It’s sometimes hard to understand why some mediocre films get all the buzz, and some great ones don’t. For the life of me, I can’t explain why Bob Byington’s Harmony and Me (2009) received its theatrical run at the Museum of Modern Art rather than a commercial theater, and to my knowledge, still hasn’t as yet found a distributor. Yeah, life ain’t fair – of course, I know that. Yet if I were to pick one indie film of the past year that I would jump at the chance to see over and over again, it would be Harmony and Me, a film in which every single scene manages to work, while being woven into an intricate medley of idiosyncratic humor.
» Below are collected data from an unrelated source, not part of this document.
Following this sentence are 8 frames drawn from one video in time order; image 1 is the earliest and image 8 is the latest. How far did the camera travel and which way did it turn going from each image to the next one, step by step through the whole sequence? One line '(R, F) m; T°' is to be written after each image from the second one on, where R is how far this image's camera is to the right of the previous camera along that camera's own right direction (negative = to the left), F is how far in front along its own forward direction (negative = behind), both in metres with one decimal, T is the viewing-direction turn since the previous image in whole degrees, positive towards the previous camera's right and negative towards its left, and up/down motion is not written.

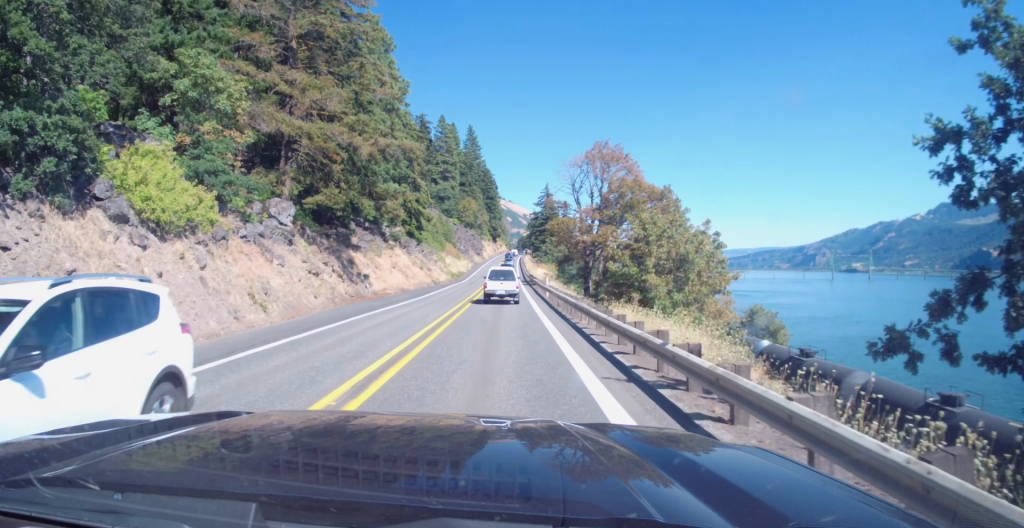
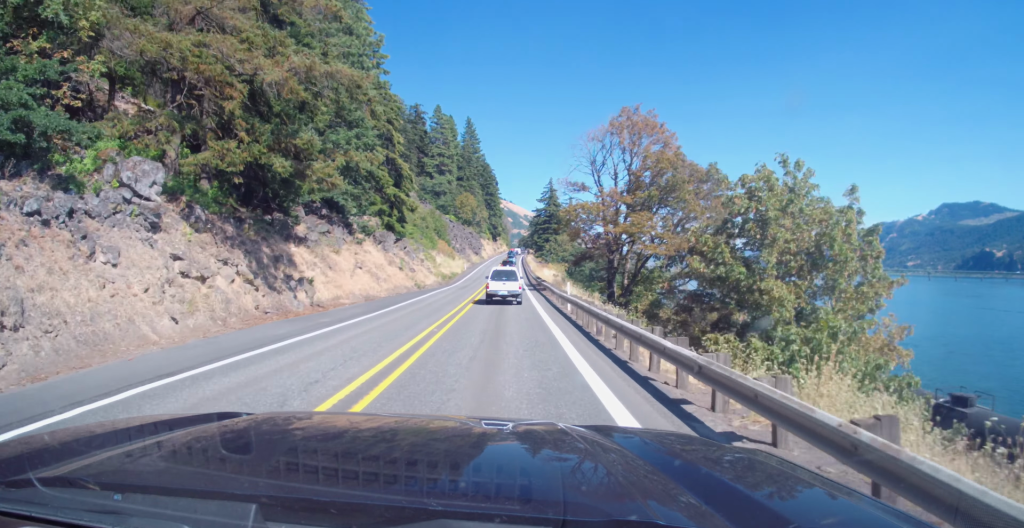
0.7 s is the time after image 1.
(0.0, +13.9) m; 0°
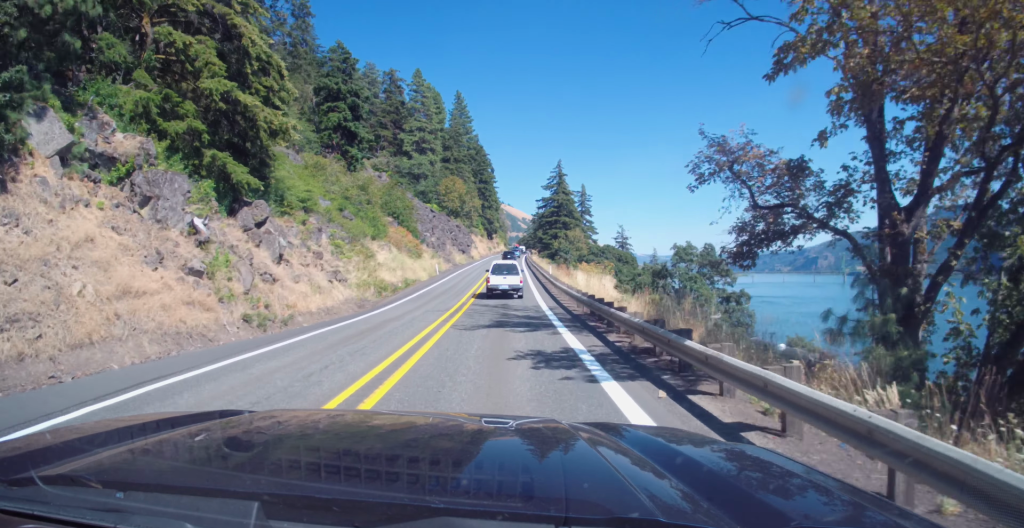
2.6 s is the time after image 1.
(0.0, +37.9) m; 0°
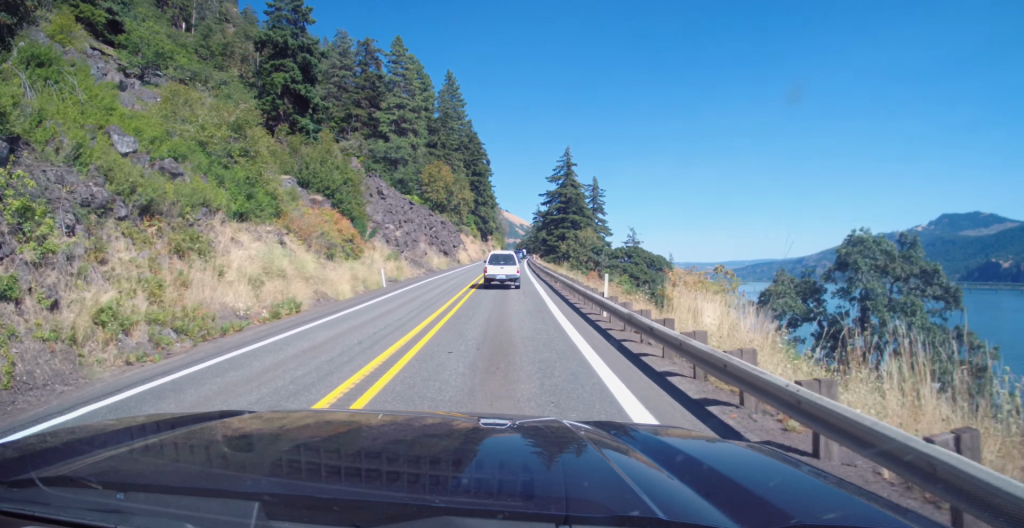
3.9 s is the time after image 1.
(+0.4, +25.7) m; +2°
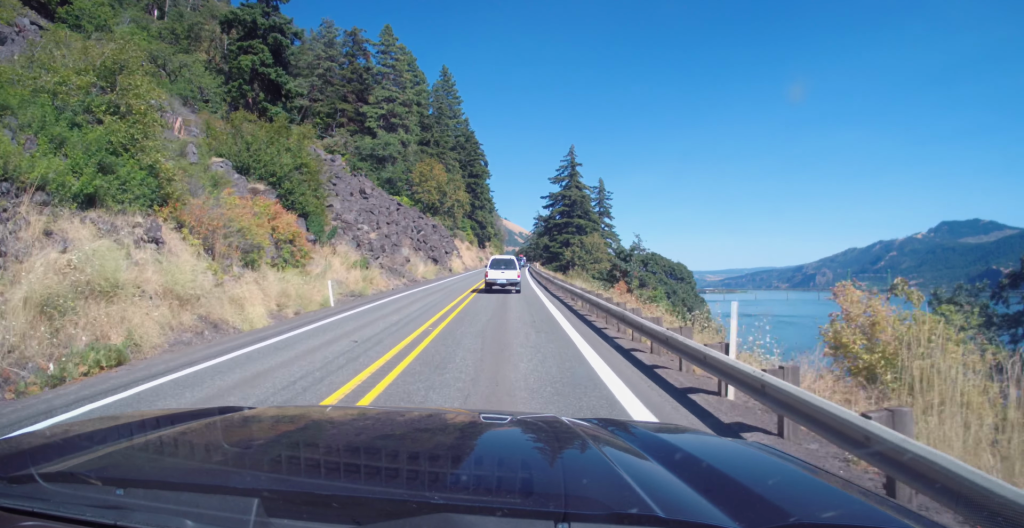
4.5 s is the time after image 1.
(+0.4, +11.0) m; -1°
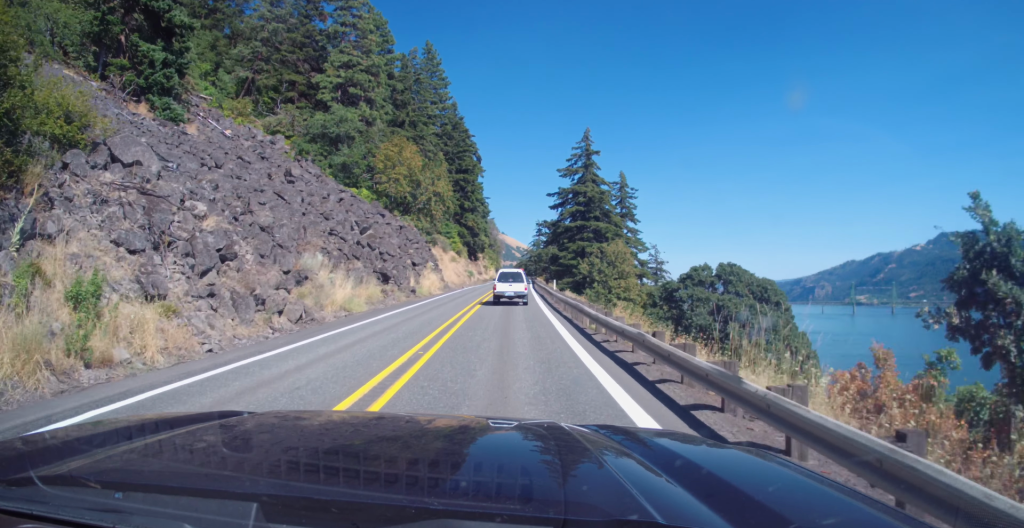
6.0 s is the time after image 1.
(-0.7, +26.5) m; 0°
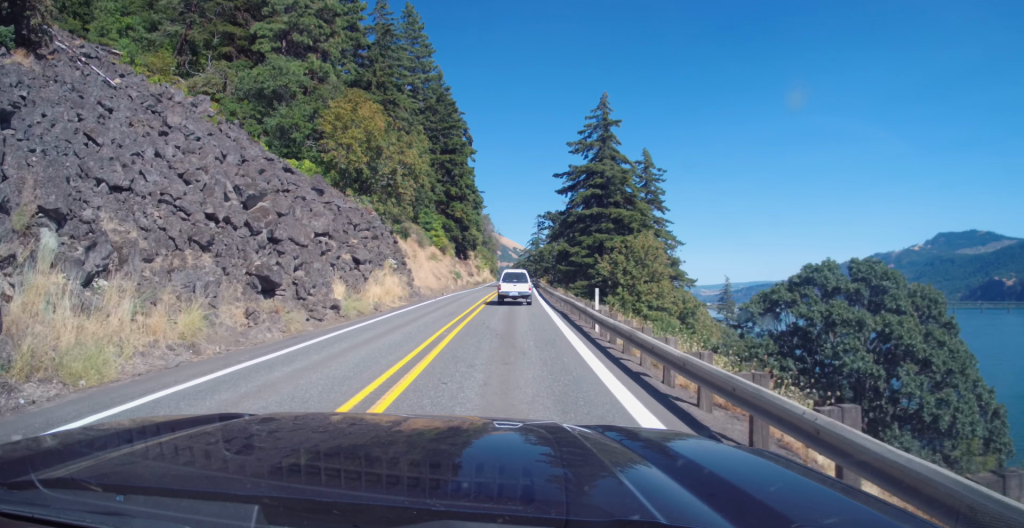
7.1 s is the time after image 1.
(+0.4, +20.0) m; 0°
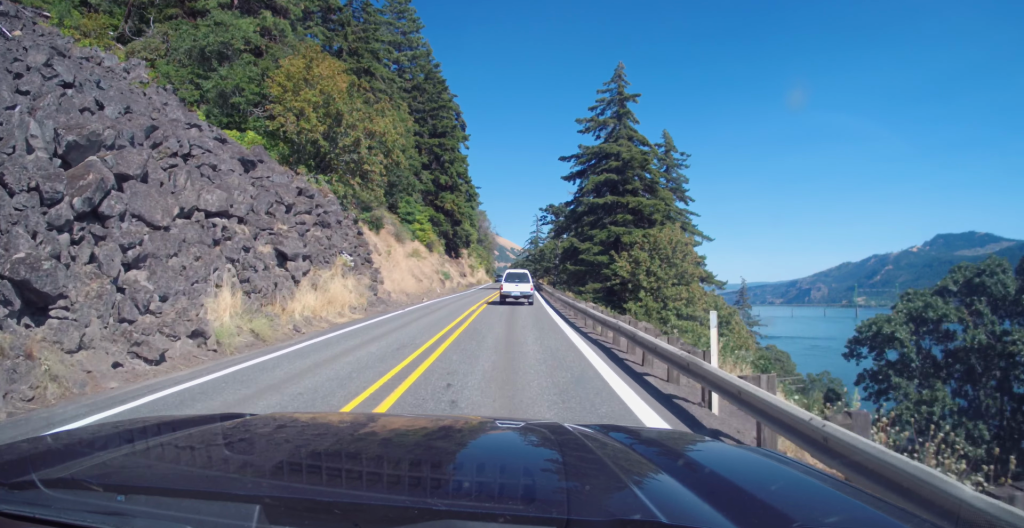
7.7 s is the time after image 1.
(-0.6, +11.8) m; 0°
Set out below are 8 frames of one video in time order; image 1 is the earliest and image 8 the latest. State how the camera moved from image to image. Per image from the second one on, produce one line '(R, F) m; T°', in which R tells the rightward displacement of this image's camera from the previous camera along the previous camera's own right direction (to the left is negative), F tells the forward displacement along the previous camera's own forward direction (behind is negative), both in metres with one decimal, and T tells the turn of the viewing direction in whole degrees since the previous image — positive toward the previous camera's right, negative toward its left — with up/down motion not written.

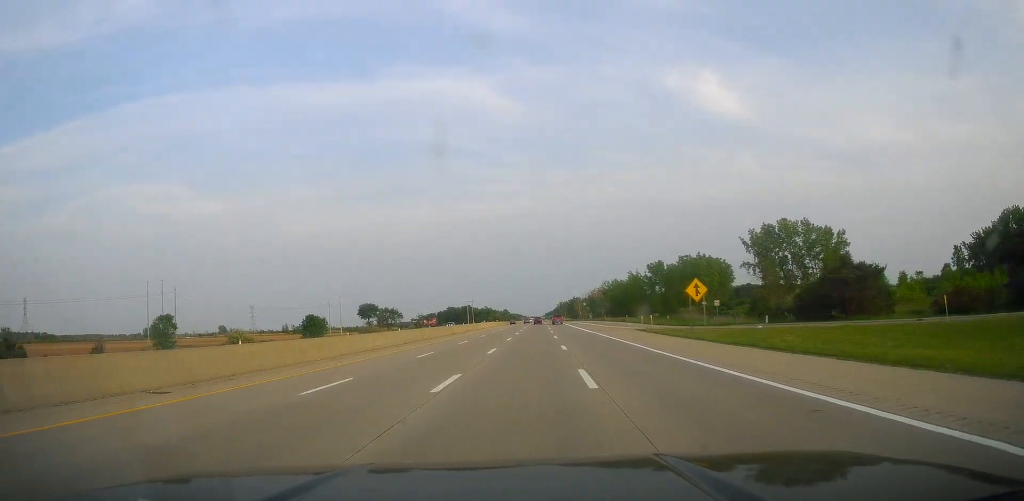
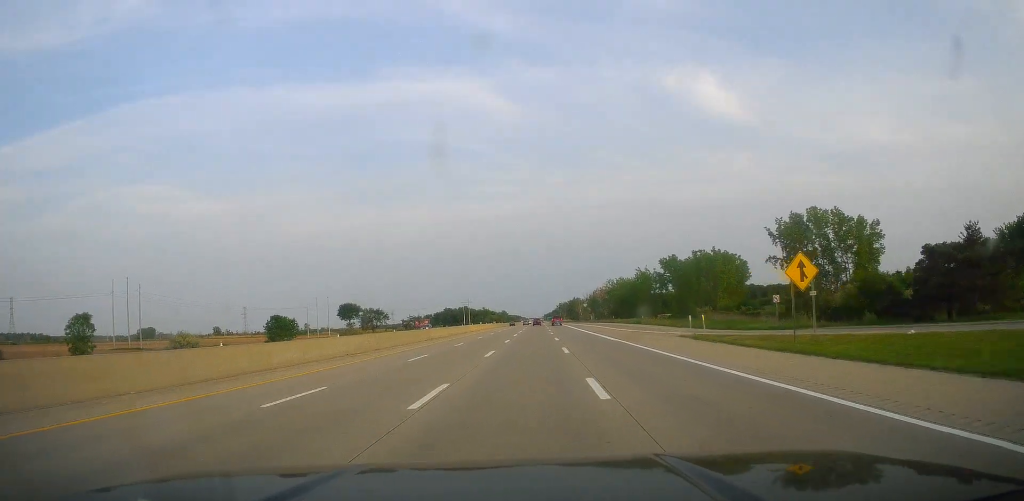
(+0.2, +17.5) m; +1°
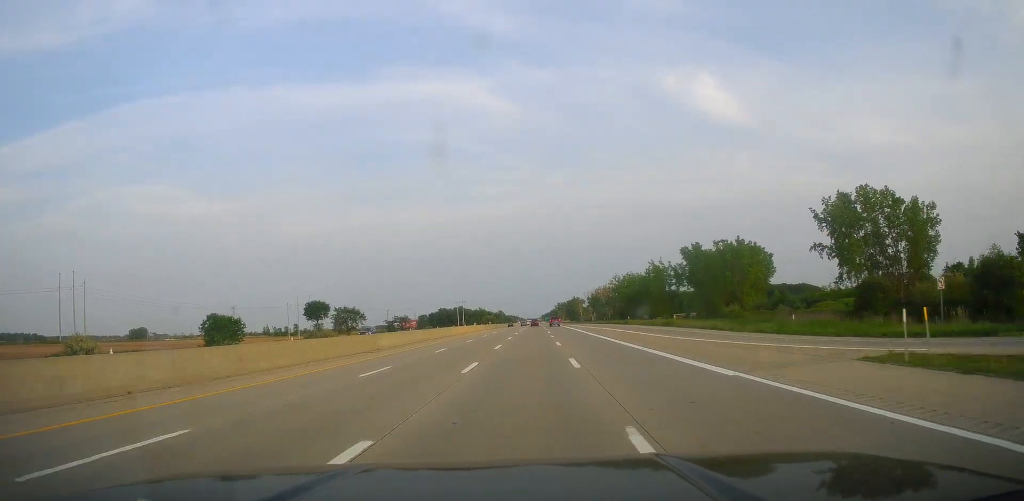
(+0.2, +22.9) m; 0°
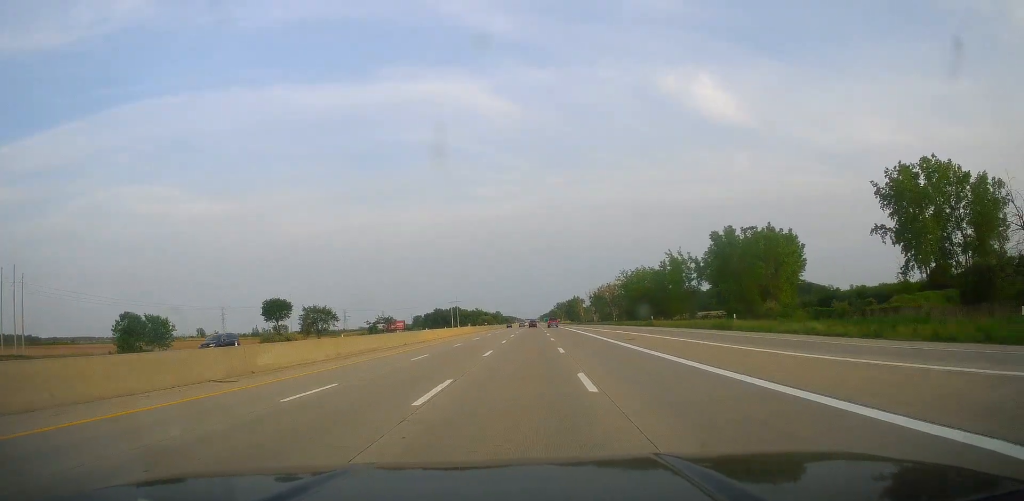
(+0.1, +21.8) m; 0°
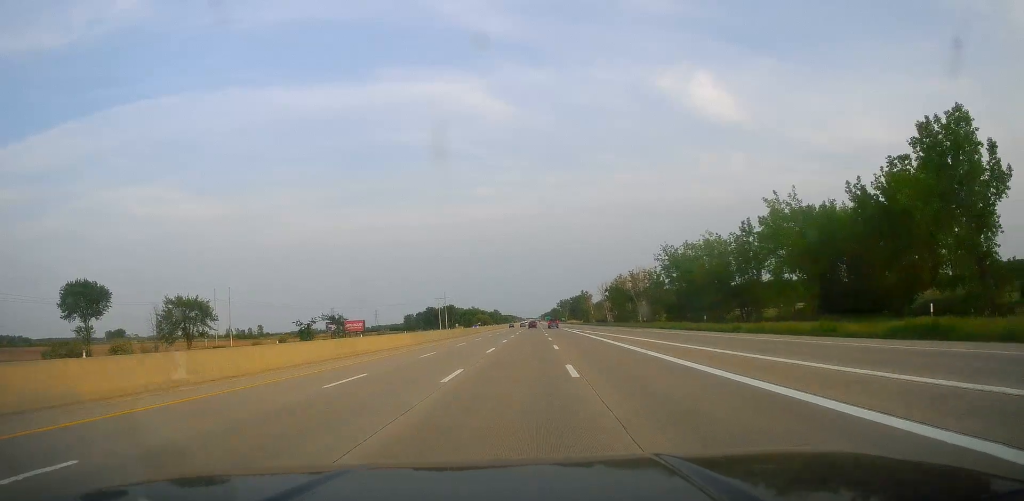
(0.0, +57.9) m; 0°
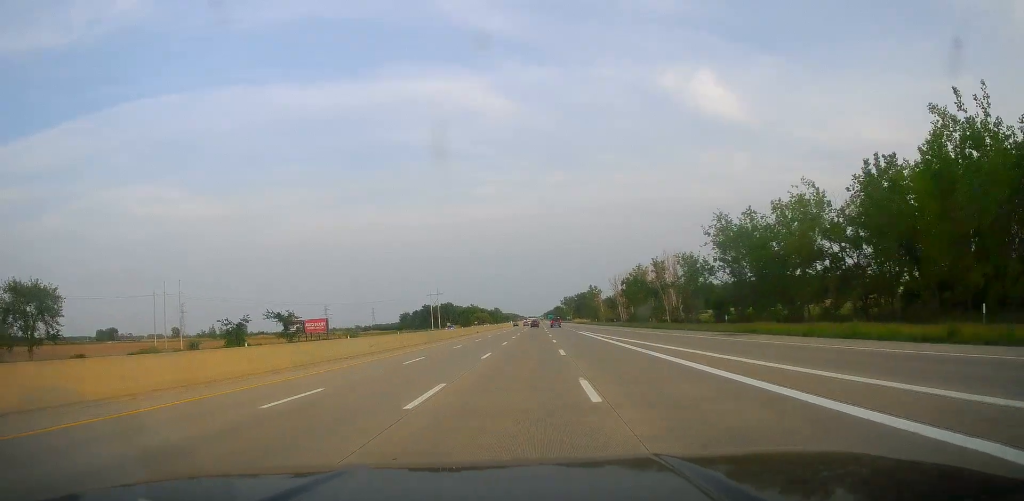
(-0.1, +34.9) m; 0°
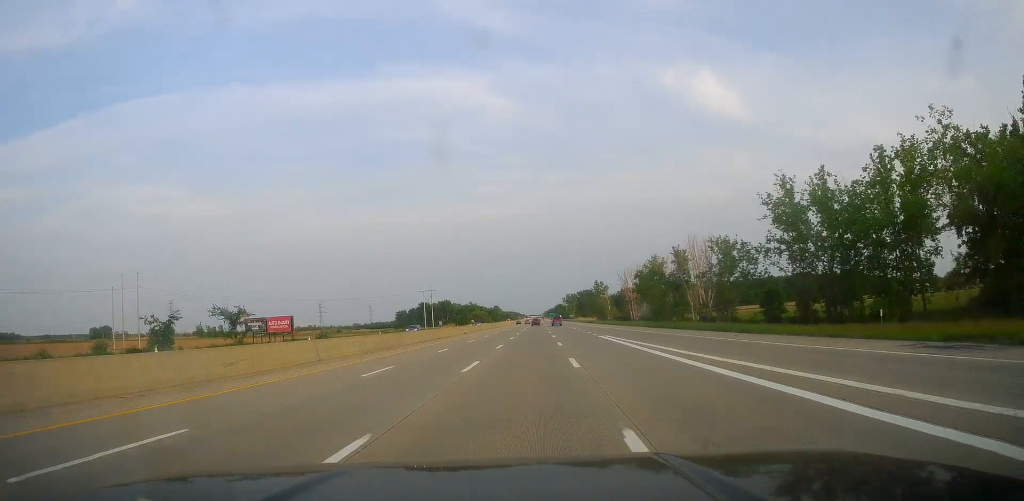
(0.0, +22.9) m; 0°
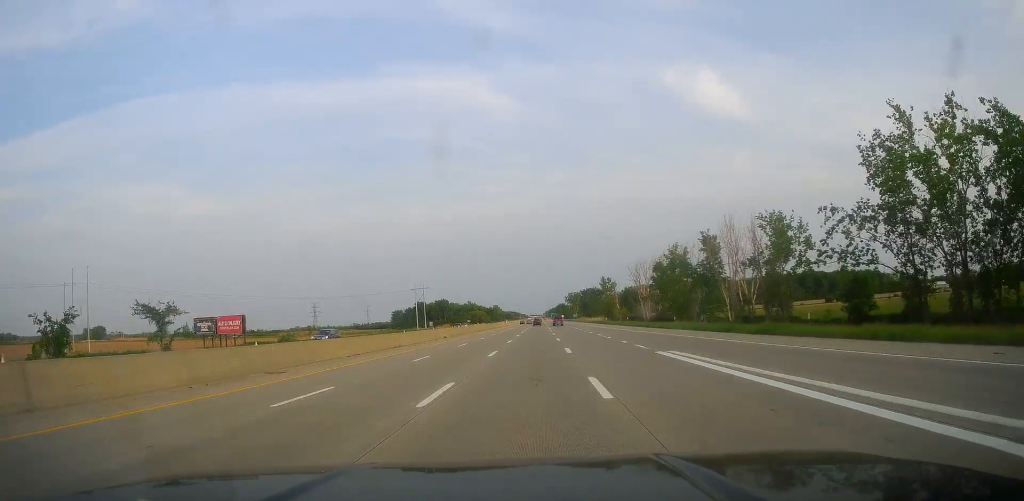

And I say this as someone who generally shuns comedies for the simple reason that most of them aren’t very funny.
Variety, in a favorable review, called it “a mumblecore film without the mumble.” That sounds a bit like calling something a chocolate bar without chocolate or a milk shake without milk, so I’m not exactly sure what it means. In any case, like the Variety reviewer, other people might also assume this film to be another example of mumblecore. After all, Harmony and Me features Justin Rice, the talented front man of the Brooklyn band Bishop Allen, who was the lead actor in Andrew Bujalski’s Mutual Appreciation, (and who, like Benjamin Button, seems to grow younger and younger with each passing year). The film is also set in Austin, Texas, edited by Frank Ross, and is even about relationships involving twentysomethings.
Byington, however, has tried to distance himself from mumblecore. When asked how he felt about the association, Byington told Karina Longworth in New York Magazine, “I like the humor in Broadcast News more than, say . . . I don’t know how to say more without seeming like I’m being dismissive of other movies. I’m very interested in watching how some of the mumblecore directors continue. I certainly don’t consider myself one of them. I understand the connection, but the movie and I are interested in other things.” In other words, Byington is politely suggesting that his real interests lie in comedy.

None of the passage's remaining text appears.